A note: it is true that you won't find many "Umarl X" among Polish headlines, but "Zmarl X" are quite popular there.

As for your question: it depends on what you want to empasise. If the event of his death is in focus, then go for "umarl/zmarl w roku 2005". If you want to talk more about what's changed/happened since then, use "nie zyje od czterech lat".

"Umarl cztery lata temu" goes well with both. 

 "Działo się śmierć Jana Pawla II cztery lata temu" seems to be incorrect or taken out of some context.

I don't think there is any serious difference between all of those anyway.


----------



## BezierCurve

> At least in my native language and German there would be this shimmer of a difference: 'nicht leicht' being a trifle less difficult than 'schwer or schwierig'


 
I see your point; yes, I believe it works like that in Polish too. 

_PS. Sorry for missing diacritics in my posts._


----------



## jacquesvd

Tunia said:


> Jan Pawel II umarł w roku 2005 or JPII nie żyje od cztery lat or JP umarł cztery lata temu or completely differently 'działo się śmierć Jana Pawla II cztery lata temu' ?


 
The first one is fine (Jan Pawel II umarł w roku 2005)
JPII nie żyje od czterech lat.
JP umarł cztery lata temu - ok
The last one (działo się śmierć Jana Pawla II cztery lata temu) is not Polish, I mean it is not grammatically correct. You would not use "działo się" in that context anyway.[/QUOTE]
OK. thanks, I understand  "działać" doesn't mean 'to happen' but how would you say 'JPII's  death occurred 4 years ago': Wydarzyło się śmierć Jana Pawla II cztery lata temu'?


----------



## Tunia

"działać" is not the word you wanted, it is "dziać się", "działać" means "to take acction", "act".
"śmierć JPII wydarzyła się 4 lata temu" - I think it is grammatically correct but it does not sound natural.


----------



## BezierCurve

"Działo się" (which comes from "dziać się"; "działać" means "to act, to work") is good for describing a process going over a period of time, for a specific event you need a perfective aspect, so, "wydarzylo sie" / "zdarzylo sie" would be more suitable.

However, in case of someone's death it won't work like that.

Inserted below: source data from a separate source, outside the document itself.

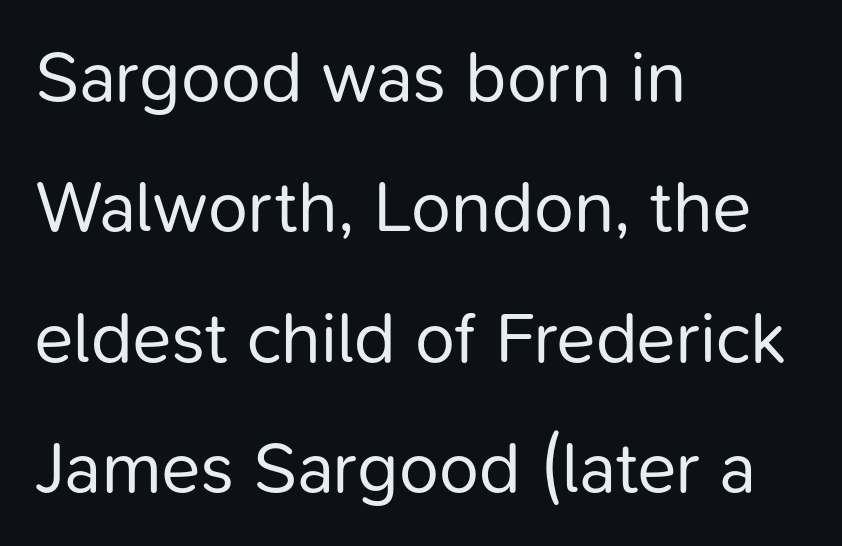
Q: Is the text bold? A: No.
Q: Is the text italic (slanted)? A: No, it is upright.
Q: Is the typeface a serif or a sans-serif typeface? A: Sans-serif.
Q: Is the text underlined? A: No.
Q: How is the paragraph aligned? A: Left-aligned.
Q: Is the spacing between letters normal or unusually wide? A: Normal.
Q: Width (condensed, normal, or wide)? A: Normal.
Q: Stroke contrast? A: Low.
Q: x-height? A: Medium.
Q: Monospaced? A: No.
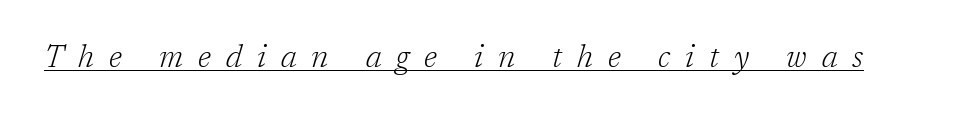
{"serif": "yes", "italic": "yes", "lean": "right", "slant_degrees": 17, "bold": "no", "weight": "light", "width": "normal", "stroke_contrast": "low", "x_height": "medium", "monospaced": "no", "underline": "yes", "letter_spacing": "wide", "letter_spacing_em": 0.48, "glyph_px": 31}
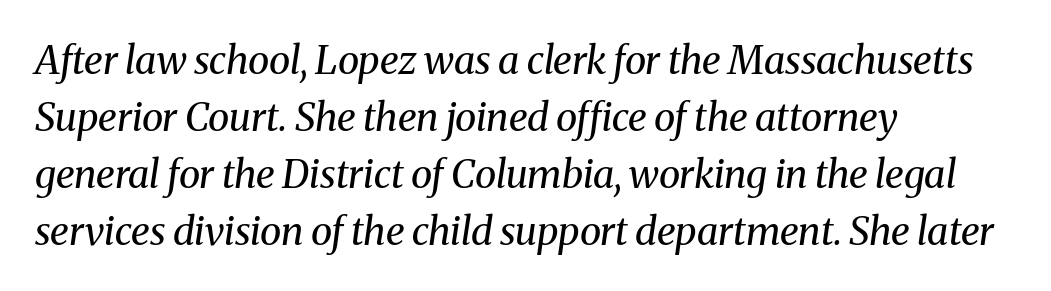
Q: Is the text bold? A: No.
Q: Is the text italic (slanted)? A: Yes, it leans right by about 8 degrees.
Q: Is the typeface a serif or a sans-serif typeface? A: Serif.
Q: Is the text underlined? A: No.
Q: How is the paragraph aligned? A: Left-aligned.
Q: Is the spacing between letters normal or unusually wide? A: Normal.
Q: Is the spacing between lines tight, normal or loose? A: Normal.
Q: Width (condensed, normal, or wide)? A: Normal.
Q: Stroke contrast? A: Medium.
Q: x-height? A: Medium.
Q: Monospaced? A: No.
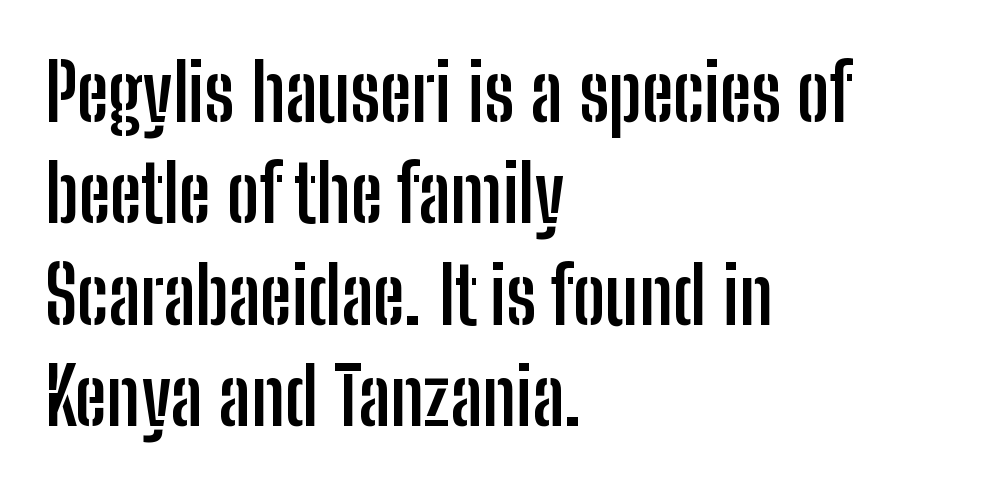
Alignment: flush left. The baseline area is clear. Is this a sans? Yes — the strokes have no serifs. The lines sit at an ordinary, default distance from one another. Standard letterfit; no display-style spreading of the glyphs.
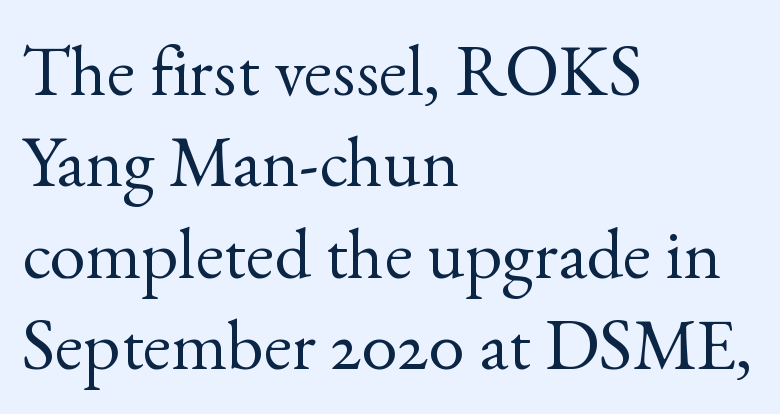
{"serif": "yes", "italic": "no", "bold": "no", "weight": "regular", "width": "normal", "x_height": "small", "monospaced": "no", "underline": "no", "align": "left", "line_spacing": "normal", "line_spacing_ratio": 1.27, "letter_spacing": "normal", "letter_spacing_em": 0.0, "glyph_px": 72}
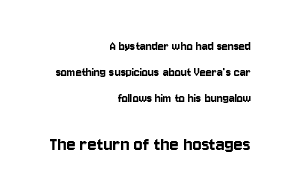
Q: Is the text italic (slanted)? A: No, it is upright.
Q: Is the text underlined? A: No.
Q: How is the paragraph aligned? A: Right-aligned.
Q: Is the spacing between letters normal or unusually wide? A: Normal.
Q: Which block of text is set in a larger size, the first (top) or the second (bottom)? A: The second (bottom) one.
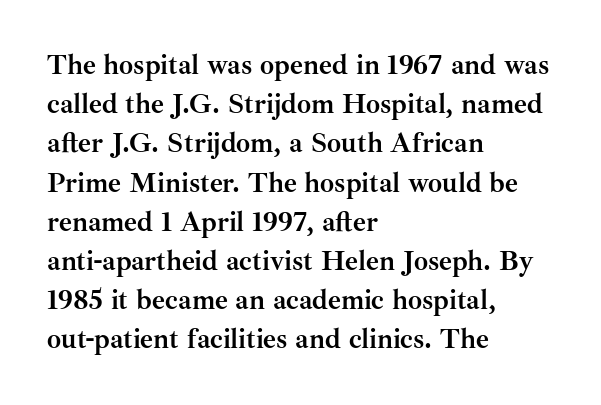
{"serif": "yes", "italic": "no", "bold": "yes", "weight": "semibold", "width": "normal", "stroke_contrast": "medium", "x_height": "small", "monospaced": "no", "underline": "no", "align": "left", "line_spacing": "normal", "line_spacing_ratio": 1.4, "letter_spacing": "normal", "letter_spacing_em": 0.0, "glyph_px": 28}
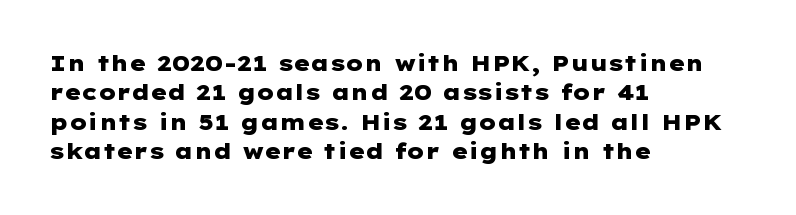
Q: Is the text bold? A: Yes.
Q: Is the text italic (slanted)? A: No, it is upright.
Q: Is the text underlined? A: No.
Q: How is the paragraph aligned? A: Left-aligned.
Q: Is the spacing between letters normal or unusually wide? A: Normal.
Q: Is the spacing between lines tight, normal or loose? A: Normal.
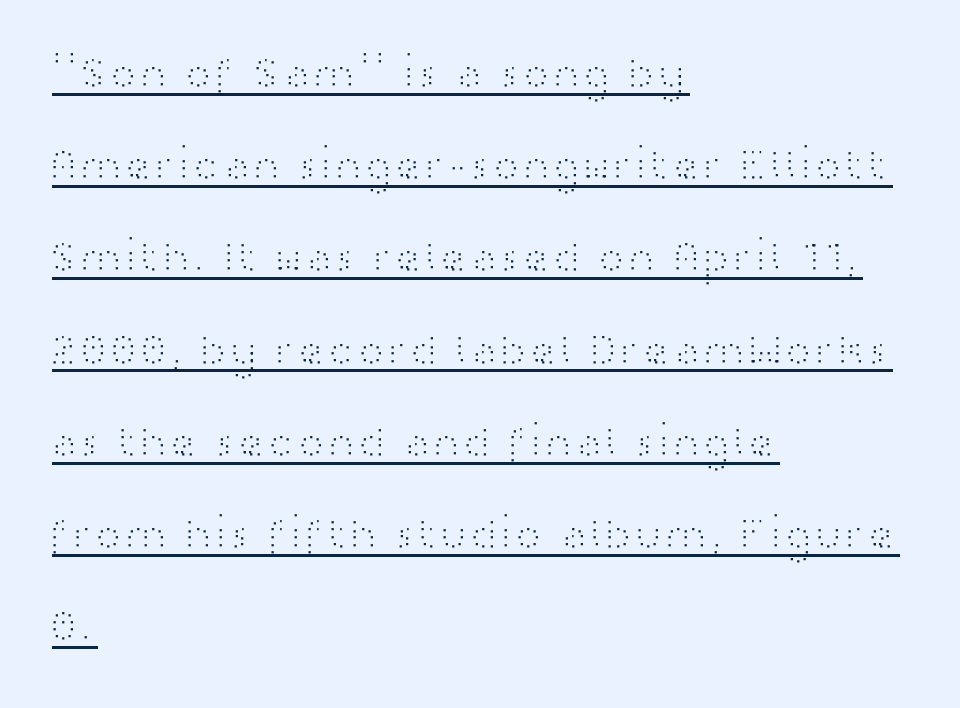
The image shows 45 px light, wide sans-serif type, upright; set left-aligned, loose line spacing (2.05x), normal letter spacing, underlined; high stroke contrast and a medium x-height.
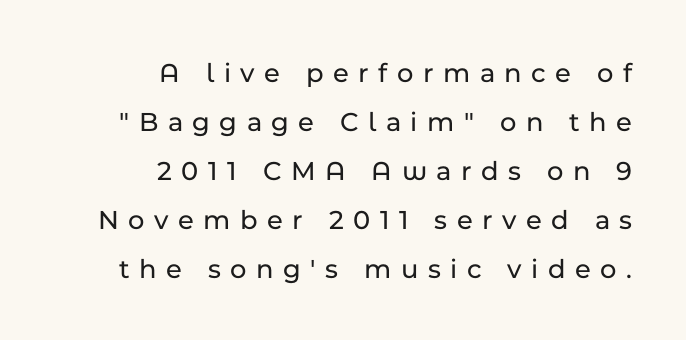
Q: Is the text italic (slanted)? A: No, it is upright.
Q: Is the typeface a serif or a sans-serif typeface? A: Sans-serif.
Q: Is the text underlined? A: No.
Q: How is the paragraph aligned? A: Right-aligned.
Q: Is the spacing between letters normal or unusually wide? A: Unusually wide.
Q: Width (condensed, normal, or wide)? A: Normal.
Q: Stroke contrast? A: Low.
Q: x-height? A: Medium.
Q: Monospaced? A: No.
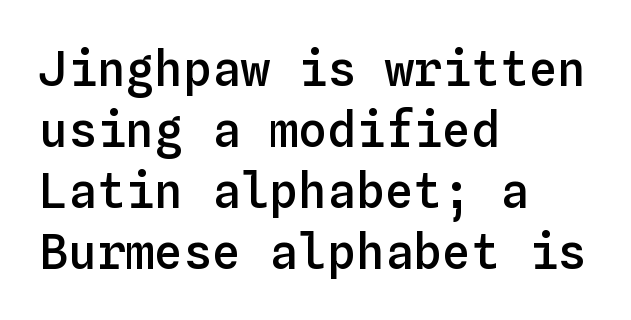
The image shows 48 px semibold type, upright, monospaced; set left-aligned, normal line spacing (1.27x), normal letter spacing, not underlined; low stroke contrast and a medium x-height.
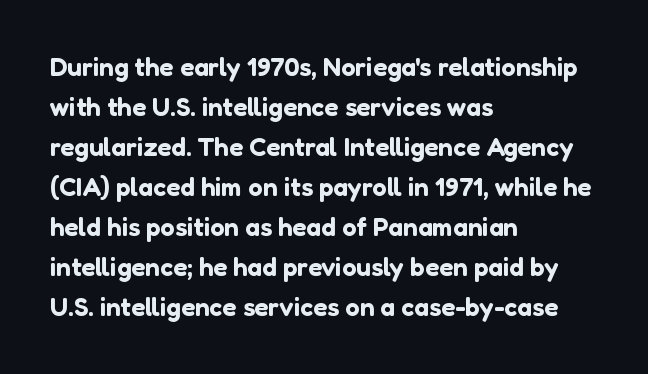
{"italic": "no", "underline": "no", "align": "left", "line_spacing": "normal", "line_spacing_ratio": 1.54, "letter_spacing": "normal", "letter_spacing_em": 0.0, "glyph_px": 26}
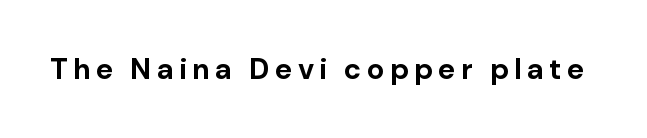
Q: Is the text bold? A: Yes.
Q: Is the text italic (slanted)? A: No, it is upright.
Q: Is the typeface a serif or a sans-serif typeface? A: Sans-serif.
Q: Is the text underlined? A: No.
Q: Width (condensed, normal, or wide)? A: Normal.
Q: Stroke contrast? A: Low.
Q: x-height? A: Medium.
Q: Monospaced? A: No.
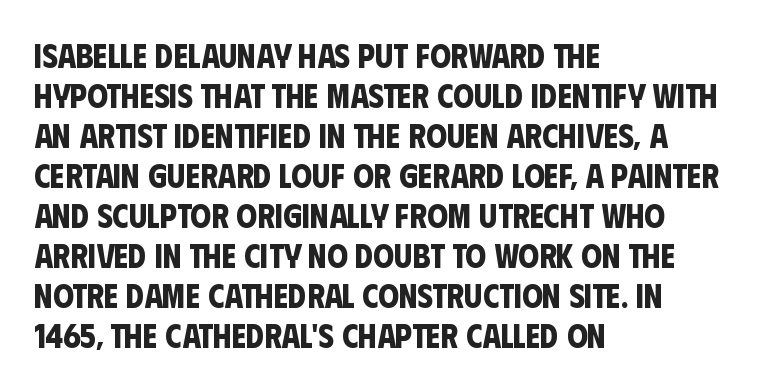
The image shows 33 px bold, condensed sans-serif type; set left-aligned, line spacing 1.21x, normal letter spacing, not underlined; low stroke contrast and a large x-height.
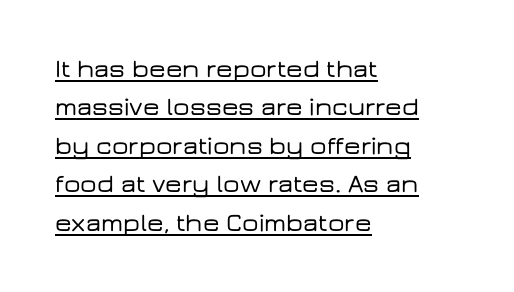
Here the glyphs are tracked normally, forming tight word shapes. Line beginnings align vertically; line endings do not. Do the letters lean? They stand straight. These lines sit exactly where default settings would place them. You can see a thin bar hugging the bottom of the glyphs.
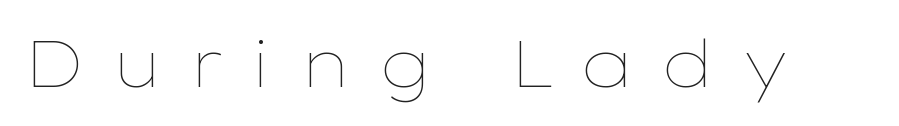
Plain, unruled lines of type. Is there any slant? The stems are plumb. No letter is thick-stroked: the sample isn't bold. Look at the tracking — it's clearly loosened, letters drifting apart.
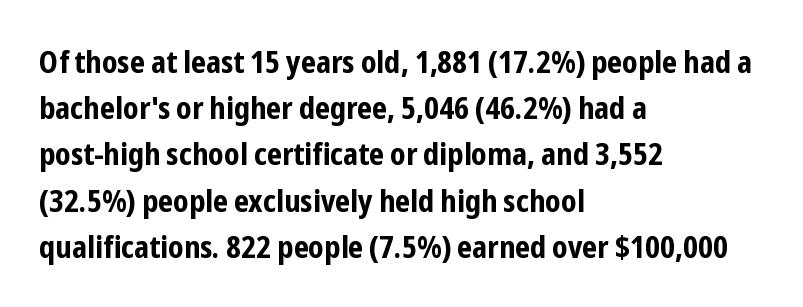
The image shows 31 px bold, condensed sans-serif type, upright; set left-aligned, normal line spacing (1.49x), normal letter spacing, not underlined; low stroke contrast and a medium x-height.
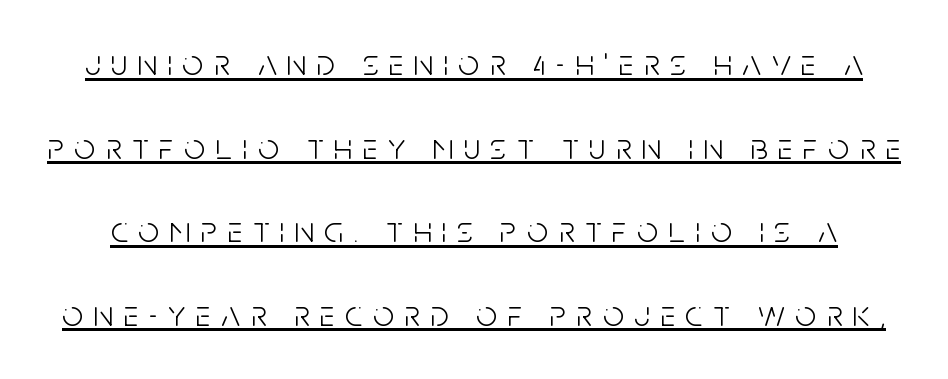
The image shows 37 px light, condensed sans-serif type, upright; set loose line spacing (2.26x), unusually wide letter spacing (+0.28 em), underlined; low stroke contrast and a large x-height.
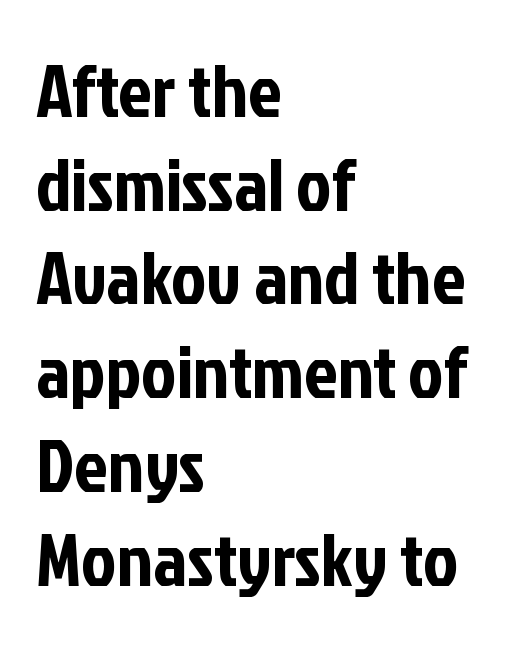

We just don't say "wydarzyla sie smierc", (although it's grammaticaly fine). It has more to do with some fixed expressions than grammar here.
 
_EDIT: OK, I'll shut up rather than keep on doubling your posts, Tunia _


----------



## PawelBierut

Tunia said:


> "śmierć JPII wydarzyła się 4 lata temu" - I think it is grammatically correct but it does not sound natural.



You can say (in more poetical way) sth like that: _Śmierć JPII *nadeszła* w 2005 roku / 4 lata temu._


----------



## Tunia

PawelBierut said:


> You can say (in more poetical way) sth like that: _Śmierć JPII *nadeszła* w 2005 roku / 4 lata temu._



śmierć nadeszła cicho etc. sounds fine, but
"śmierć JPII nadeszła w 2005" sounds odd... I don't know. I don't like it. It doesn't sound right. I wouldn't say it that way...
Maybe I'm wrong. I'm not an expert. I find it unnatural though.


----------



## PawelBierut

I agree that it is more natural to use the construction:  _śmierć nadeszła + adjective._ However I don't find nothing odd in a question like:_ Kiedy nadeszła jego śmierć?_ So if the question sounds OK then (I think) the response like: _Jego śmierć nadeszła x lat temu. _sounds OK too. And I agree... the poetical way of speaking isn't natural


----------



## BezierCurve

> I agree that it is more natural to use the construction: _śmierć nadeszła + adverb._


----------



## Tunia

PawelBierut said:


> I agree that it is more natural to use the construction:  _śmierć nadeszła + adjective._ However I don't find nothing odd in a question like:_ Kiedy nadeszła jego śmierć?_ So if the question sounds OK then (I think) the response like: _Jego śmierć nadeszła x lat temu. _sounds OK too. And I agree... the poetical way of speaking isn't natural




I'd say "kiedy nadeszla jego smierc, swiat zamarl na chwile"
But I wouldn't connect it with a date; 
nadeszla + how? - fine
nadeszla + when - I have a feeling of something awkward going on


----------



## PawelBierut

BezierCurve said:


>


Thx Buzier...


----------